150: Disrupting Paradigms for Transformative Change: Nuances of Engaging Indigenous Pastoralist Communities through the Intersection of Made-in-Africa and Culturally Responsive Evaluation
Wednesday, November 12, 2025
5:30 PM - 7:00 PM CST
For a successfully engagement of indigenous pastoralist communities for transformative evaluation, the evaluator requires a deep understanding of the social structures, cultural dynamics, and the spoken and unspoken lived realities. The evaluator disrupted the conventional evaluation paradigms, applying an approach necessitating the inclusion of community gatekeepers and cultural knowledge keepers, who serve as custodians of indigenous wisdom. By fostering shared leadership, the evaluator bridged the power asymmetries and ensured a culturally grounded insights shape decision-making. Methods applied included participatory and observational methods such as storytelling, ethnography, observations, and reflective dialogues.
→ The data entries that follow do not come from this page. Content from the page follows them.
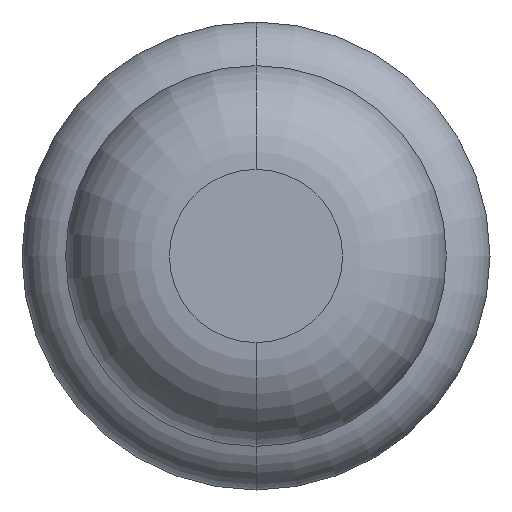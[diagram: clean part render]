
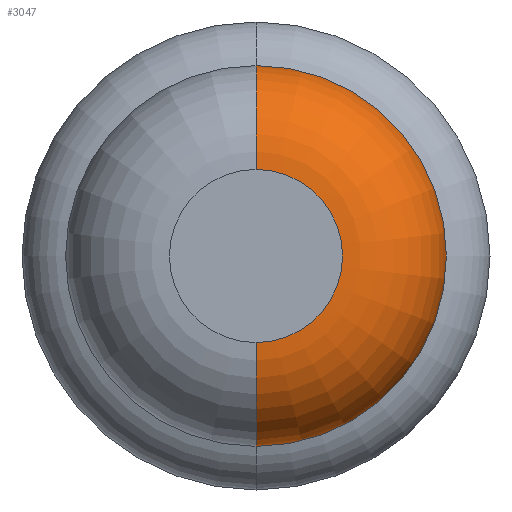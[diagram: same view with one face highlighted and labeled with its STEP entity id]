
A CAD part, front view. The second image highlights one B-rep face of the part: STEP entity #3047.
In plain terms, the highlighted toroidal (fillet/blend) face has major radius 0.375 mm and minor radius 0.45 mm.
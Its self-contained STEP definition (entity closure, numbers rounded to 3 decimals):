
#32 = DIRECTION ( 'NONE',  ( 0., 0., 1. ) ) ;
#95 = DIRECTION ( 'NONE',  ( 1., 0., 0. ) ) ;
#251 = ORIENTED_EDGE ( 'NONE', *, *, #3717, .F. ) ;
#316 = DIRECTION ( 'NONE',  ( -1., 0., 0. ) ) ;
#483 = ORIENTED_EDGE ( 'NONE', *, *, #903, .T. ) ;
#558 = CIRCLE ( 'NONE', #2879, 0.45 ) ;
#615 = AXIS2_PLACEMENT_3D ( 'NONE', #1534, #2979, #940 ) ;
#708 = DIRECTION ( 'NONE',  ( 0., 0., -1. ) ) ;
#774 = EDGE_CURVE ( 'NONE', #786, #871, #558, .T. ) ;
#786 = VERTEX_POINT ( 'NONE', #2638 ) ;
#807 = FACE_OUTER_BOUND ( 'NONE', #3623, .T. ) ;
#871 = VERTEX_POINT ( 'NONE', #1176 ) ;
#881 = CARTESIAN_POINT ( 'NONE',  ( 0., 0., 0. ) ) ;
#897 = CARTESIAN_POINT ( 'NONE',  ( 0., 0.45, -0.375 ) ) ;
#903 = EDGE_CURVE ( 'NONE', #3453, #2176, #2558, .T. ) ;
#940 = DIRECTION ( 'NONE',  ( 0., 0., -1. ) ) ;
#1176 = CARTESIAN_POINT ( 'NONE',  ( 0., 0., -0.375 ) ) ;
#1257 = DIRECTION ( 'NONE',  ( 0., -1., 0. ) ) ;
#1319 = CIRCLE ( 'NONE', #1677, 0.825 ) ;
#1534 = CARTESIAN_POINT ( 'NONE',  ( 0., 0.45, 0. ) ) ;
#1630 = TOROIDAL_SURFACE ( 'NONE', #615, 0.375, 0.45 ) ;
#1677 = AXIS2_PLACEMENT_3D ( 'NONE', #2757, #1257, #708 ) ;
#1690 = AXIS2_PLACEMENT_3D ( 'NONE', #881, #2939, #2683 ) ;
#1830 = ORIENTED_EDGE ( 'NONE', *, *, #2400, .T. ) ;
#1844 = CIRCLE ( 'NONE', #1690, 0.375 ) ;
#2176 = VERTEX_POINT ( 'NONE', #3205 ) ;
#2352 = CARTESIAN_POINT ( 'NONE',  ( 0., 0.45, 0.825 ) ) ;
#2400 = EDGE_CURVE ( 'NONE', #786, #3453, #1319, .T. ) ;
#2558 = CIRCLE ( 'NONE', #3288, 0.45 ) ;
#2638 = CARTESIAN_POINT ( 'NONE',  ( 0., 0.45, -0.825 ) ) ;
#2683 = DIRECTION ( 'NONE',  ( 0., 0., -1. ) ) ;
#2733 = DIRECTION ( 'NONE',  ( 0., 0., -1. ) ) ;
#2757 = CARTESIAN_POINT ( 'NONE',  ( 0., 0.45, 0. ) ) ;
#2879 = AXIS2_PLACEMENT_3D ( 'NONE', #897, #316, #32 ) ;
#2939 = DIRECTION ( 'NONE',  ( 0., -1., 0. ) ) ;
#2979 = DIRECTION ( 'NONE',  ( 0., -1., 0. ) ) ;
#3047 = ADVANCED_FACE ( 'NONE', ( #807 ), #1630, .T. ) ;
#3205 = CARTESIAN_POINT ( 'NONE',  ( 0., 0., 0.375 ) ) ;
#3286 = CARTESIAN_POINT ( 'NONE',  ( 0., 0.45, 0.375 ) ) ;
#3288 = AXIS2_PLACEMENT_3D ( 'NONE', #3286, #95, #2733 ) ;
#3453 = VERTEX_POINT ( 'NONE', #2352 ) ;
#3623 = EDGE_LOOP ( 'NONE', ( #1830, #483, #251, #3701 ) ) ;
#3701 = ORIENTED_EDGE ( 'NONE', *, *, #774, .F. ) ;
#3717 = EDGE_CURVE ( 'NONE', #871, #2176, #1844, .T. ) ;

This enabled more nuanced, contextually relevant data collection. The intersection of indigenous, Made-in-Africa, and Culturally Responsive Evaluation ensured that evaluations centre indigenous voices, embrace intersectionality, and drive locally owned transformation. This abstract shares strategies for meaningfully engaging the communities, illustrating how leadership, relational, adaptive, and decolonized evaluation approaches can disrupt extractive practices and catalyze sustainable transformation in complex settings.